Can not get CUDA python backtrace

Hello everyone! Documents says nsys can get CUDA python backtrace like:

However, when using nsys myself, I can only see python frames with no other detail like:

So what should I do?
I use remote profile on nsys 2023.2.1Windows-x64, target is on linux, with python3.9 and CUDA11.1.

How did you launch Nsys? You have to use the -cudabacktrace option:

--cudabacktrace	

Options: all, none, kernel, memory, sync, other
Default:none

When tracing CUDA APIs, enable the collection of a backtrace when a CUDA API is invoked. Significant runtime overhead may occur. Values may be combined using ‘,’. Each value except ‘none’ may be appended with a threshold after ‘:’. Threshold is duration, in nanoseconds, that CUDA APIs must execute before backtraces are collected, e.g. ‘kernel:500’. Default value for each threshold is 1000ns (1us). Note: CPU sampling must be enabled. Note: Not available on IBM Power targets.

Thanks for your reply! In fact I use nsys gui:


Any problem? Should I enable “collect python backtrace samples”? However if I enable it, everytime I try to open the nsys report, the nsys gui crash immediately.

And I found that if I use nsys cli on target system instead of remote Windows gui like:
nsys profile -w true -t cuda,nvtx,osrt,cudnn,cublas -s cpu -o nsight_report -f true --cudabacktrace=true -x true python3.9 main.py
I can get some backtrace details like:

So is there something wrong about remote profile?

Initially since you said you were calling from the GUI I thought maybe you needed to ask for process-tree wide analysis, but you have done that.

You don’t need python backtraces, that is python runtime sampling, which isn’t what you are looking for here.

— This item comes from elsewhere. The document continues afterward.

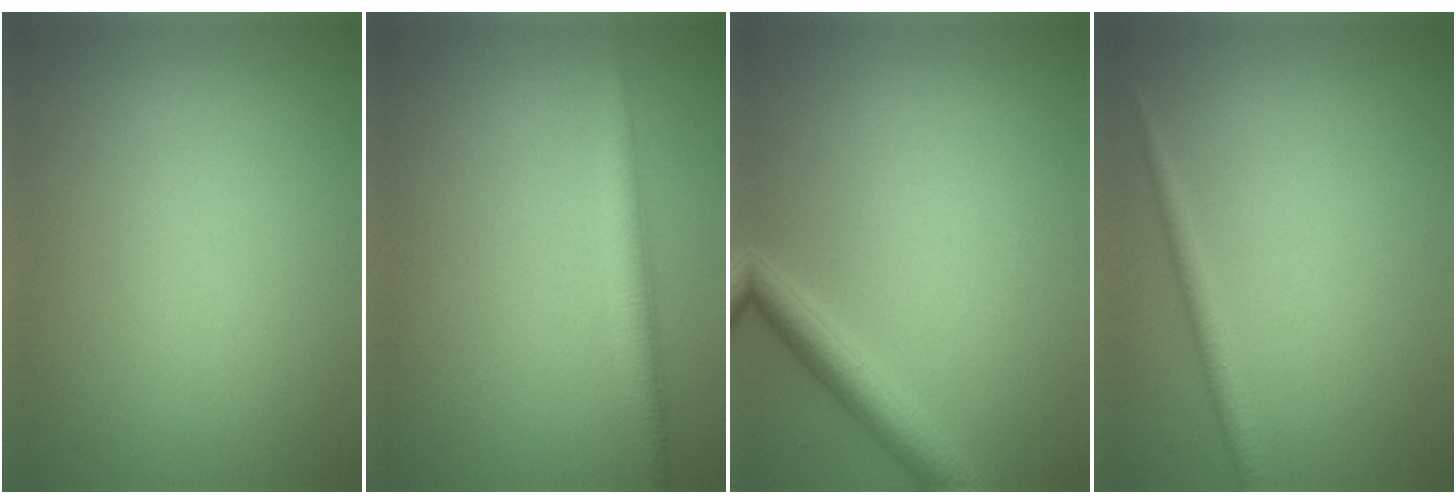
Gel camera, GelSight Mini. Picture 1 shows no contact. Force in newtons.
{"total": 2.6, "press": 2.6, "slide": 0.1}
{"total": 2.9, "press": 2.9, "slide": 0.1}
{"total": 1.5, "press": 1.5, "slide": 0.1}
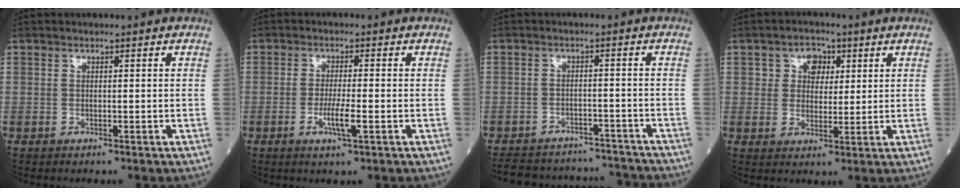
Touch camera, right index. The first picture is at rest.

@rknight do you have any suggestions?

okay, something is even more strange…
Just now, I try to profile a deep learning application with python multi-thread, still using nsys on my Windows PC and target on Linux(i.e. remote mode). And with “Collect CUDA Backtrace”:

the report shows CUDA python backtrace now! But an warning occured:


And I cannot get any CUDA kernel info:

However, without “Collect CUDA Backtrace”, everything seemed to be fine:

I used to enable a lot of profile options, such as osrt, cudnn, backtrace… because I think sometimes they may be useful and they donot bring too much overhead. Now I think if I find the report unexplainable in the future, I will only enable “collect CUDA trace”, “collect CPU IP/backtrace samples”, which may solve a lot of strange problems, and then enable other options one-by-one to see what causes the problem.

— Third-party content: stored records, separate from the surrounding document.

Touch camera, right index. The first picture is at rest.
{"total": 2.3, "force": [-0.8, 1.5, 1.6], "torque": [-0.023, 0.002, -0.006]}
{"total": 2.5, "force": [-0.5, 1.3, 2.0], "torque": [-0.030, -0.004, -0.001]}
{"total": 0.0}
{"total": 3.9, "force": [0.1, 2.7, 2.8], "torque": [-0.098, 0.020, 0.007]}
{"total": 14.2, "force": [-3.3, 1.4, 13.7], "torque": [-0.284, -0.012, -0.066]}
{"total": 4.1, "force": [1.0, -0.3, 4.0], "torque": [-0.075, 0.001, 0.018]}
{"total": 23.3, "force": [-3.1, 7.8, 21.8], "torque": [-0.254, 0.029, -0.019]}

This sounds like a bug in nsys to me. @dofek Can you take a look?

Sounds like another bug :-(.

tangweikai420, would it be possible to get access to your workload so we can reproduce this issue and hopefully fix it?

Thanks for your reply! I would like to share my workload.
My workload depends on a DL framework called DGL, and the python multi-thread usage is here. In short, everytime the DataLoader init, it will create a separate thread for data processing and transfer.
Here is the code:

import dgl
import torch
from ogb.nodeproppred import DglNodePropPredDataset

dataset = DglNodePropPredDataset('ogbn-arxiv')
device = 'cuda:0'

graph, node_labels = dataset[0]
graph = dgl.add_reverse_edges(graph)
graph.ndata['label'] = node_labels[:, 0]

node_features = graph.ndata['feat']
num_features = node_features.shape[1]
num_classes = (node_labels.max() + 1).item()

idx_split = dataset.get_idx_split()
train_nids = idx_split['train']
valid_nids = idx_split['valid']
test_nids = idx_split['test']

sampler = dgl.dataloading.NeighborSampler([4, 4], prefetch_node_feats=['feat'], prefetch_labels=['label'])

train_dataloader = dgl.dataloading.DataLoader(
    # The following arguments are specific to DGL's DataLoader.
    graph,              # The graph
    train_nids,         # The node IDs to iterate over in minibatches
    sampler,            # The neighbor sampler
    device=device,      # Put the sampled MFGs on CPU or GPU
    # The following arguments are inherited from PyTorch DataLoader.
    batch_size=1024,    # Batch size
    shuffle=True,       # Whether to shuffle the nodes for every epoch
    drop_last=False,    # Whether to drop the last incomplete batch
    num_workers=0,       # Number of sampler processes
)

import torch.nn as nn
import torch.nn.functional as F
from dgl.nn.pytorch import SAGEConv

class Model(nn.Module):
    def __init__(self, in_feats, h_feats, num_classes):
        super(Model, self).__init__()
        self.conv1 = SAGEConv(in_feats, h_feats, aggregator_type='mean')
        self.conv2 = SAGEConv(h_feats, num_classes, aggregator_type='mean')
        self.h_feats = h_feats

    def forward(self, mfgs, x):
        h_dst = x[:mfgs[0].num_dst_nodes()]
        h = self.conv1(mfgs[0], (x, h_dst))
        h = F.relu(h)
        h_dst = h[:mfgs[1].num_dst_nodes()]
        h = self.conv2(mfgs[1], (h, h_dst))
        return h

model = Model(num_features, 128, num_classes).to(device)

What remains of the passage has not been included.